• **What the exercise asks**
Write out the full listing exactly.

• **Extracted entries**
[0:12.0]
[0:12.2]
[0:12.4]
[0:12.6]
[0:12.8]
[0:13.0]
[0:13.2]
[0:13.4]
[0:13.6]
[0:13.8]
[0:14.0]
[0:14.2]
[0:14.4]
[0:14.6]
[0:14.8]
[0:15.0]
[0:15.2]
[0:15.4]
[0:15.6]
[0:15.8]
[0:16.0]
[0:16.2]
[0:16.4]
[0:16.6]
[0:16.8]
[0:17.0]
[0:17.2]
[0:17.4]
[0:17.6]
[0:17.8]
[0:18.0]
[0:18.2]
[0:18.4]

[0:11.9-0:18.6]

• **Output of the exercise**
[0:12.0]
[0:12.2]
[0:12.4]
[0:12.6]
[0:12.8]
[0:13.0]
[0:13.2]
[0:13.4]
[0:13.6]
[0:13.8]
[0:14.0]
[0:14.2]
[0:14.4]
[0:14.6]
[0:14.8]
[0:15.0]
[0:15.2]
[0:15.4]
[0:15.6]
[0:15.8]
[0:16.0]
[0:16.2]
[0:16.4]
[0:16.6]
[0:16.8]
[0:17.0]
[0:17.2]
[0:17.4]
[0:17.6]
[0:17.8]
[0:18.0]
[0:18.2]
[0:18.4]

[0:11.9-0:18.6]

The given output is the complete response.